== Segment start ==

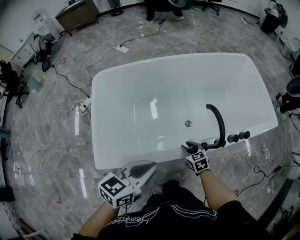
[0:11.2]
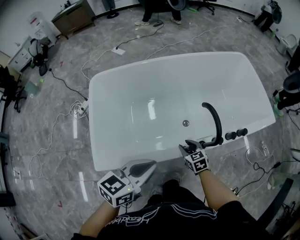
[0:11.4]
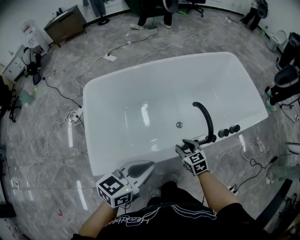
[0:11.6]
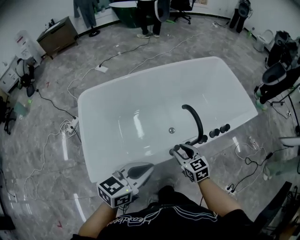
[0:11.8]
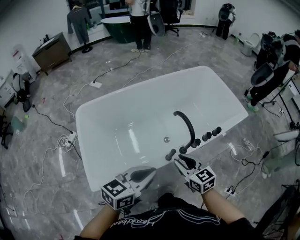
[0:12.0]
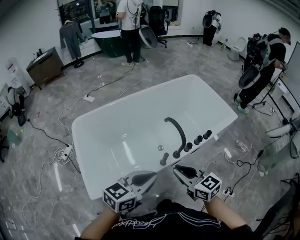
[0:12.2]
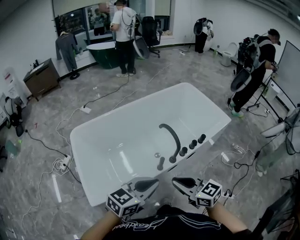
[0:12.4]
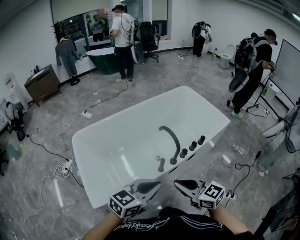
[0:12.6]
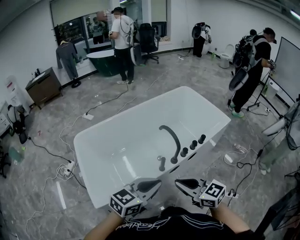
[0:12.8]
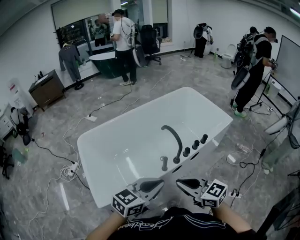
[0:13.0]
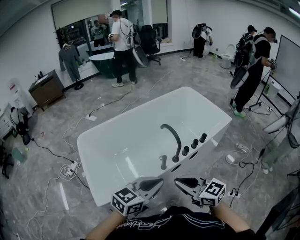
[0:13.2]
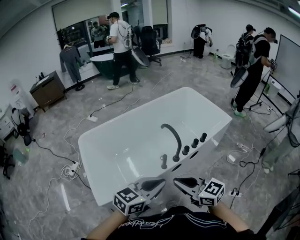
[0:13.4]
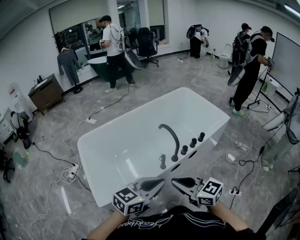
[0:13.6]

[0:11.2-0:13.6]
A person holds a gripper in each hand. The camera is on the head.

== Segment end ==

Without including any pictures, repeat the records above exactly.

[0:11.2]
[0:11.4]
[0:11.6]
[0:11.8]
[0:12.0]
[0:12.2]
[0:12.4]
[0:12.6]
[0:12.8]
[0:13.0]
[0:13.2]
[0:13.4]
[0:13.6]

[0:11.2-0:13.6]
A person holds a gripper in each hand. The camera is on the head.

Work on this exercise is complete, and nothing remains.